The slide presentation breaks the mind map into pieces. It will run automatically or you can push the pause button and then use the arrow keys to move through the presentation manually.

Click to view slideshow.

Siri, take a note. Get started making electronic notes with Siri many times per day.

You can change voices for Siri [male/female and in the US Version Americanish, UKish, or Australish] easily. I prefer the female British voice (the American female version is too common, the Australian female version is too upbeat and hard to follow, and I do not want a male butler or a bossy service representative voice). Mary Poppins is quite helpful, friendly, and at times scolds you. I need a nanny.

By the way, ask Siri to take a note and say this word. It will spell it correctly.

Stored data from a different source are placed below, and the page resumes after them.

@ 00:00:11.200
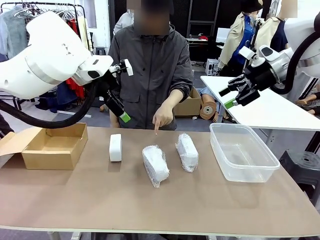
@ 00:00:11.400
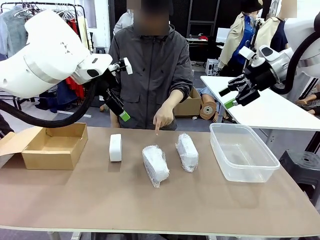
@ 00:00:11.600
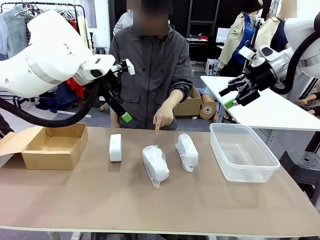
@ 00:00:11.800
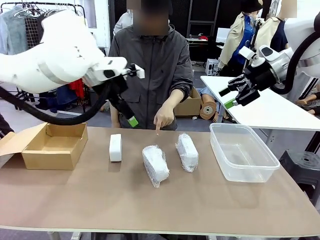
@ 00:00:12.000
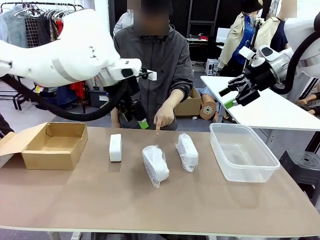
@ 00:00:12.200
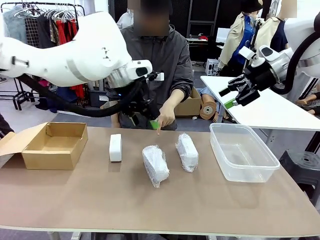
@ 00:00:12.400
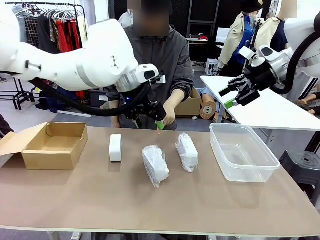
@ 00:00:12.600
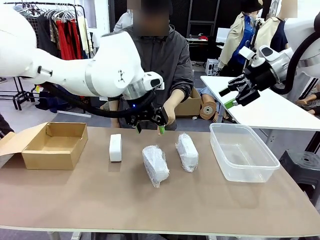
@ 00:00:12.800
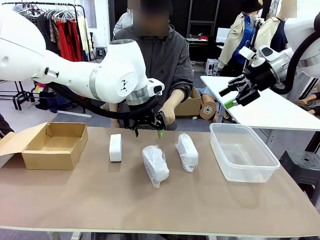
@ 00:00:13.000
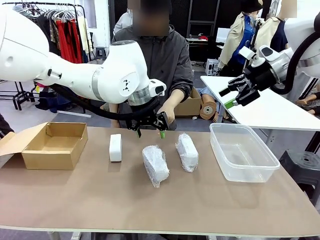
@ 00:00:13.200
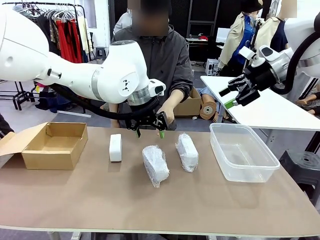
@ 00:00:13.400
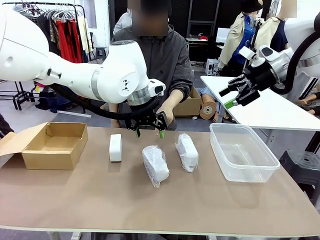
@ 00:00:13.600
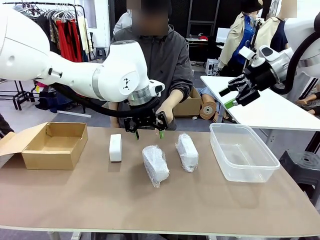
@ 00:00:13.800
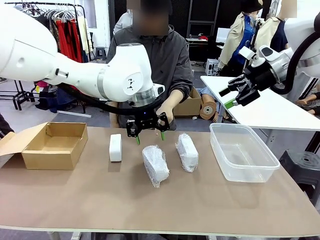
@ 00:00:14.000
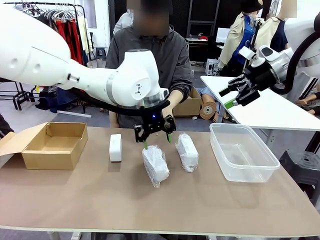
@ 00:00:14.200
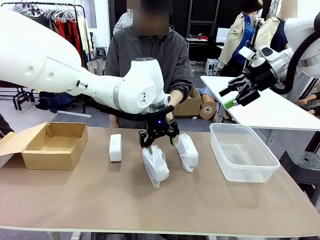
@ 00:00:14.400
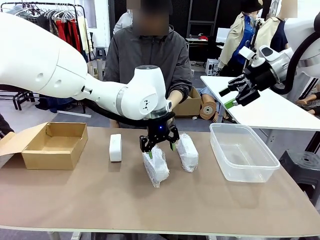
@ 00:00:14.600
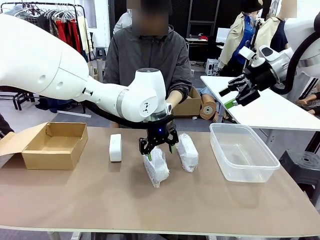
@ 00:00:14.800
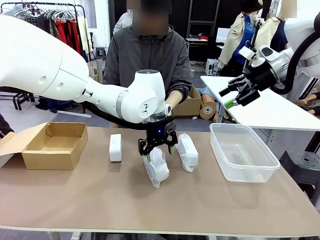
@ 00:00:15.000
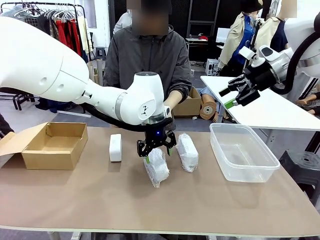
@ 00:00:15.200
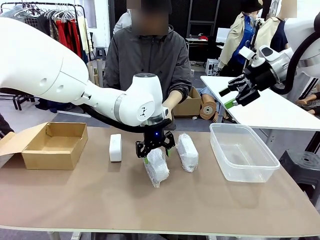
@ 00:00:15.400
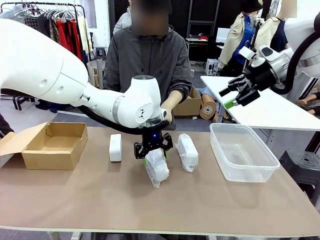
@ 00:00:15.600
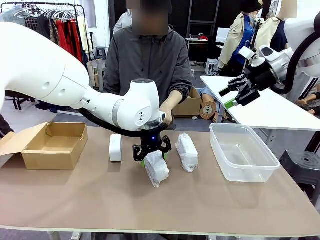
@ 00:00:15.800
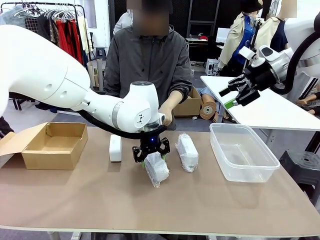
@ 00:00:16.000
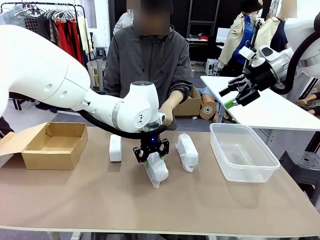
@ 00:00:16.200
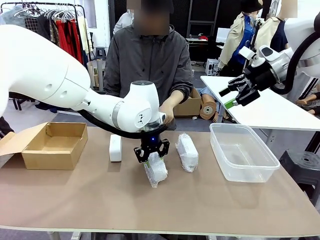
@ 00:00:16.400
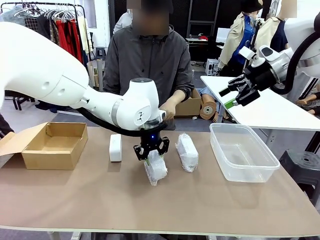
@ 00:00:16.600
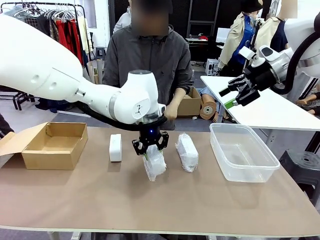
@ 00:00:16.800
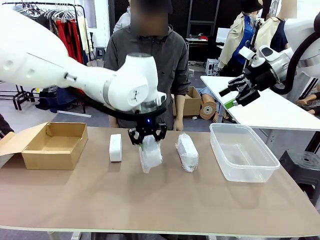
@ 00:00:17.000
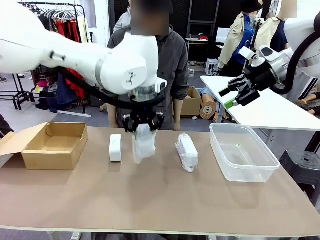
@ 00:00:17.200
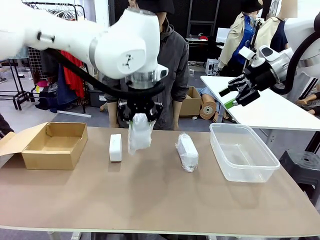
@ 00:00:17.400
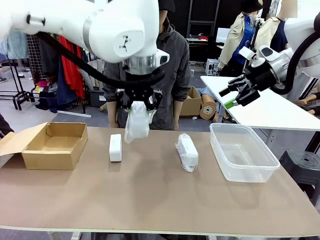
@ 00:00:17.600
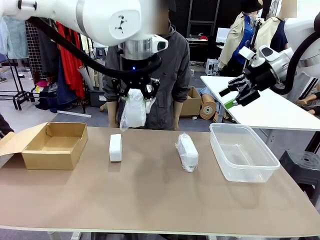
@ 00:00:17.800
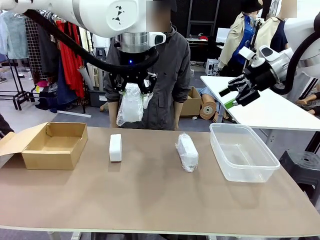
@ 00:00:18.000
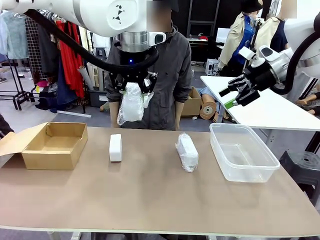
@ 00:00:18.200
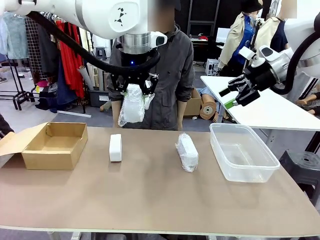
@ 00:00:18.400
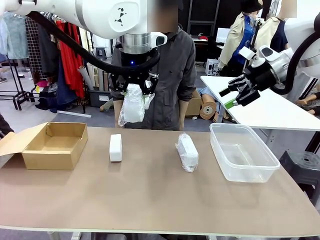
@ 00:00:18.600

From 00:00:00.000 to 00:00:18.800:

If you use Siri, you can also find out the answer to the “argument” (discussion) you having with your caregiver about how much money Lionel Messi makes in dollars, euros, pounds, or yen.

Sorry folks. I do not use PCs anymore after 30 years of frustration and bugs or Android devices so if you do not use Apple products you are going to need to explore this area on your own.


Filed under: Dementia, Elderly, Healthcare, iPad, iPhone, Mind Map Tagged: @DrHubaEvaluator, Buzan, caregiver, dementia, George Huba, healthcare, Huba, mind map, mind mapping, mindmap, mindmapping, Siri, transcripts, visualization, word recognition Image may be NSFW.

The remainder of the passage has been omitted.